嬴彻盯着她看了好一会儿,忽然低低笑了一声。那笑声短促,带着点意外:“你倒是个胆子大的。”
“胆子不大,怎么敢嫁你?”姒宁把酒杯塞进他手里,自己先饮了一口。酒液辛辣,从喉咙一路烧到胃里,烫得她眼眶发热。
这一夜,洞房花烛,两人和衣而卧,中间隔着半尺距离。
姒宁听着身边男人平稳的呼吸,心里却翻涌着前世种种。
她知道自己选了一条难走的路,可只要不是荀砚,再难她也走得下去。
02 入府
第二天天还没亮,姒宁就醒了。
她轻手轻脚下了床,让陪嫁丫鬟漆环给她梳洗。
漆环是姜氏特意挑了送来的,手脚麻利,人也机灵。
她一边给姒宁挽发,一边小声说:“小姐,昨儿夜里,慎独院外头有个人影晃了半宿,像是对面兰苑派来盯梢的。”
姒宁“嗯”了一声,从妆匣里拣了一支点翠步摇。
她没戴凤冠,只梳了寻常的妇人发髻,插上步摇,又换了一身水红缎子绣缠枝莲的褙子,既不过分张扬,也不显寒酸。
“走吧,去给公婆敬茶。”
她站起身,镜子里映出一张白净的脸。
十五岁的年纪,还带着点婴儿肥,但眼神已经不像十五岁了。
正堂里已经坐满了人。
漕运总督嬴宽坐在上首,面容清癯,留着短须,看着倒有几分读书人的文气,只是眉间常皱着,像是有操不完的心。
他身旁坐着继夫人隗氏,四十出头,保养得宜,笑起来温温柔柔的,一身蜜合色褙子衬得人很和善。
再往下坐着几房妾室和庶子庶女。
姒宁跪下敬茶。
嬴宽接过茶抿了一口,脸上看不出满意与否,只说了句:“既进了门,日后要孝顺婆母,扶持丈夫。”
然后给了一个红封。
姒宁双手接过,道了谢。
轮到隗氏时,隗氏笑吟吟地拉住她的手,翻来覆去地看:“到底是英国公夫人养出来的姑娘,这模样气度,满京城也挑不出几个。彻儿性子冷,你多担待。”

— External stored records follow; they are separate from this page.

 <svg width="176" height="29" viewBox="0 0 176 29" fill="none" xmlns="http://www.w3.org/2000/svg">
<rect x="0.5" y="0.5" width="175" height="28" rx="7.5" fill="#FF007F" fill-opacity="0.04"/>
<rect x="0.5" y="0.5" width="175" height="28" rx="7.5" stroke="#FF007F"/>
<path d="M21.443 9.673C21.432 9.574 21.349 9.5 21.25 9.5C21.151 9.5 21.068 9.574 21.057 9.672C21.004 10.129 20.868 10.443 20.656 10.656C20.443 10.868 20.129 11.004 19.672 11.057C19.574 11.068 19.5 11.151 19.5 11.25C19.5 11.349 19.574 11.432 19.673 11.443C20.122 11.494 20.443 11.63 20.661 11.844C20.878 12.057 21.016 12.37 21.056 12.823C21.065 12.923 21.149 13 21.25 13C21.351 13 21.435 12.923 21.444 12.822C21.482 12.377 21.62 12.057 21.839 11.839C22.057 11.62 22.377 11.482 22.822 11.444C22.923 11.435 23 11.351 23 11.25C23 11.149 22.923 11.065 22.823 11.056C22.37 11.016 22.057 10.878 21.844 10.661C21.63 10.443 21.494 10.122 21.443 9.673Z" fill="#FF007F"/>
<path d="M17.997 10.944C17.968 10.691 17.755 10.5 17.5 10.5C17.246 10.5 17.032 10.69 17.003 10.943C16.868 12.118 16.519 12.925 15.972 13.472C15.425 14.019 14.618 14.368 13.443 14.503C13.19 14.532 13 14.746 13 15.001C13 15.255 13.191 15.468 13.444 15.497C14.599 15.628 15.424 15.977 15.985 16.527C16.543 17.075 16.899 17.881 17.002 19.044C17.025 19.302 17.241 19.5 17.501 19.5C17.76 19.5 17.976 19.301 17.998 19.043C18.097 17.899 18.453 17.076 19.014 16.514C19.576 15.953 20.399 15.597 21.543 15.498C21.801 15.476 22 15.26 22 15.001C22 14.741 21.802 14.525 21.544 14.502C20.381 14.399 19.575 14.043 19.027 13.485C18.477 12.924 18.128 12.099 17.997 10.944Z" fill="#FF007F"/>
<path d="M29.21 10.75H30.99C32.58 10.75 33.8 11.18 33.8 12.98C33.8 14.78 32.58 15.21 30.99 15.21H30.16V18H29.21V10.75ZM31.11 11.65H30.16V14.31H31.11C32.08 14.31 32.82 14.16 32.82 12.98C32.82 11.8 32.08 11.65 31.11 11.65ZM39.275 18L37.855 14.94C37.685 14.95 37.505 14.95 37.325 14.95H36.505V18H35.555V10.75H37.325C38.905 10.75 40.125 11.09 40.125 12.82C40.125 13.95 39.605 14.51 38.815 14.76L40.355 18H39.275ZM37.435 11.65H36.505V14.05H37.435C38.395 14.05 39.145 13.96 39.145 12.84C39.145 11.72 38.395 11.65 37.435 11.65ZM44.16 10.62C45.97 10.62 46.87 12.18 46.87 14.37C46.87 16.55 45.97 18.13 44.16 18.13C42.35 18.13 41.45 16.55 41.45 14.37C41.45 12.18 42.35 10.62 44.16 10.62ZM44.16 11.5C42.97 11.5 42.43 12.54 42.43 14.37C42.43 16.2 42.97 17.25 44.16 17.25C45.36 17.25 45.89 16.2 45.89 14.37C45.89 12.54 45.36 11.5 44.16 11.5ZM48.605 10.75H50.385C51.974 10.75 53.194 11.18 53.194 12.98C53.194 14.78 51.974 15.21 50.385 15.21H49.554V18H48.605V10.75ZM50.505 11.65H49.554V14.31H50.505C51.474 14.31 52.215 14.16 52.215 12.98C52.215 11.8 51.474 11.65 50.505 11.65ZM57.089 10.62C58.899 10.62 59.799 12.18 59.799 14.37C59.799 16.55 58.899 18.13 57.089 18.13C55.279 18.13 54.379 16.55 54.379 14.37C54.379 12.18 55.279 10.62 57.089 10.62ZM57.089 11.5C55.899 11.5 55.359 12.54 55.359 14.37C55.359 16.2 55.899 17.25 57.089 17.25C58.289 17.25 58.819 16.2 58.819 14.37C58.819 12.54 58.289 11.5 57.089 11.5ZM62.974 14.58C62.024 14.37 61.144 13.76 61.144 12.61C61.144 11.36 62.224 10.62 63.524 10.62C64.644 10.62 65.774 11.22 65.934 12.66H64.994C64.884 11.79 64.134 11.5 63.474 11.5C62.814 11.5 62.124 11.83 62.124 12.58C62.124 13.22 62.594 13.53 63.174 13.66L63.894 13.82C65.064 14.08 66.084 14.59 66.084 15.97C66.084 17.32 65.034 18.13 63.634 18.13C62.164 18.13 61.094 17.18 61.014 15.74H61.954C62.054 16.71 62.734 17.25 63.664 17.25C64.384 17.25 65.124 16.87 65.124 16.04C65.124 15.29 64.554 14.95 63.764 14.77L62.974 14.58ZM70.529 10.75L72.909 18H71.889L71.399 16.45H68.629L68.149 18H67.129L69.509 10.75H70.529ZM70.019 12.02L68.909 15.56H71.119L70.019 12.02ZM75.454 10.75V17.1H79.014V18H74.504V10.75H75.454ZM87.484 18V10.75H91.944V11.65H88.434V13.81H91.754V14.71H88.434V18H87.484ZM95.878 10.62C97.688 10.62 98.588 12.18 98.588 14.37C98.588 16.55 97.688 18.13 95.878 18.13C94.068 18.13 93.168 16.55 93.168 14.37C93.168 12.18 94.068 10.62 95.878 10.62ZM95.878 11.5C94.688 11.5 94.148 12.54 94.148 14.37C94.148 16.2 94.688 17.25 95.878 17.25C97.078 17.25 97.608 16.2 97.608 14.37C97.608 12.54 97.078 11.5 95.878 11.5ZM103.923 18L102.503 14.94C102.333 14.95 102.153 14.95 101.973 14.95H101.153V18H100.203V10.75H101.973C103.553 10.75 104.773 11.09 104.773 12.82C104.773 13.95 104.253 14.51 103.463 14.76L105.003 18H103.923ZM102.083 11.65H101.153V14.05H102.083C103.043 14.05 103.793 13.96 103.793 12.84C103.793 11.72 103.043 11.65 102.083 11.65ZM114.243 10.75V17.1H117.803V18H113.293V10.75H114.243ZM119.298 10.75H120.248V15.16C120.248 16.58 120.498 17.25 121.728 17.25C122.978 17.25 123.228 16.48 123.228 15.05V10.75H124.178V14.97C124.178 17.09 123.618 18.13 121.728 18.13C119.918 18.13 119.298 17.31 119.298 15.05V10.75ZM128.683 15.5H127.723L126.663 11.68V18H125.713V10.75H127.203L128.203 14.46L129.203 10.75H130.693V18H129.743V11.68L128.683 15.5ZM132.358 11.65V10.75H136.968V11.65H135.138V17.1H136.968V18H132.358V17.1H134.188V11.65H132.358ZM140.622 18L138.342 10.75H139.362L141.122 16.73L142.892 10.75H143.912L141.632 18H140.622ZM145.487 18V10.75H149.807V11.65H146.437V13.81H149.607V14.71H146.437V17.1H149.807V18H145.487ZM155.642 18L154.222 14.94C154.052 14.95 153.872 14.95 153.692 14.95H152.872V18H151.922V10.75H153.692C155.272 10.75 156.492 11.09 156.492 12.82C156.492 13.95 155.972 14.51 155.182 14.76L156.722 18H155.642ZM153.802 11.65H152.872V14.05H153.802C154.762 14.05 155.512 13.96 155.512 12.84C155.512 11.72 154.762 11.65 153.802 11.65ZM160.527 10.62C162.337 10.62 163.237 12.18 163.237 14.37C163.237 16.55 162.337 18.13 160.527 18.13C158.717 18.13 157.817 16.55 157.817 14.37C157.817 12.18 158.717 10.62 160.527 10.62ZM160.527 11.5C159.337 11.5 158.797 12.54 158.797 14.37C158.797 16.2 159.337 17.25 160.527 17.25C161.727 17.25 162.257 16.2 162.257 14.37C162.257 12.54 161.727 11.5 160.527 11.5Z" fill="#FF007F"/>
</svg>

姒宁也笑:“母亲放心,我既嫁了他,自然事事为他着想。”
隗氏眼底闪过一丝不易察觉的冷意,却很快掩去。
她转身从丫鬟手里取过一套赤金头面,放在姒宁手中:“这是见面礼,拿着。”
姒宁低头谢过,余光扫了一眼堂上众人。
嬴彻站在她身侧,始终不发一言。
他的庶弟嬴敏站在下首,生得白净斯文,倒是笑着叫了声“嫂子”。
还有个庶妹嬴芙,才十二三岁,怯怯地躲在生母子氏身后。
敬完茶,隗氏又说起中馈的事:“如今彻儿成了亲,媳妇也算当家主母了。按理说,府里中馈该交给少夫人。只是你刚来,许多事还不熟悉,不如先跟着我学一段,等上手了再接手?”
这话说得滴水不漏。
姒宁抬头看她:“母亲说的是,我正想跟母亲多学学。”
嬴彻侧头看了她一眼,似有意外。
昨夜他让她别把手伸到中馈,她今日居然顺水推舟应了。
这女人到底打的什么主意?
回到慎独院,嬴彻挥退下人,关上房门。
他坐在桌边,自己倒了杯冷茶,喝了一口才问:“你想管家?”
姒宁正解披帛,闻言手上不停:“你不想我管?”
“中馈如今是隗氏一手遮天,你初来乍到,插不进去。”
嬴彻放下茶杯,目光沉沉,“我答应过你,不让人动你。但你自己往上撞,别怪我没提醒。”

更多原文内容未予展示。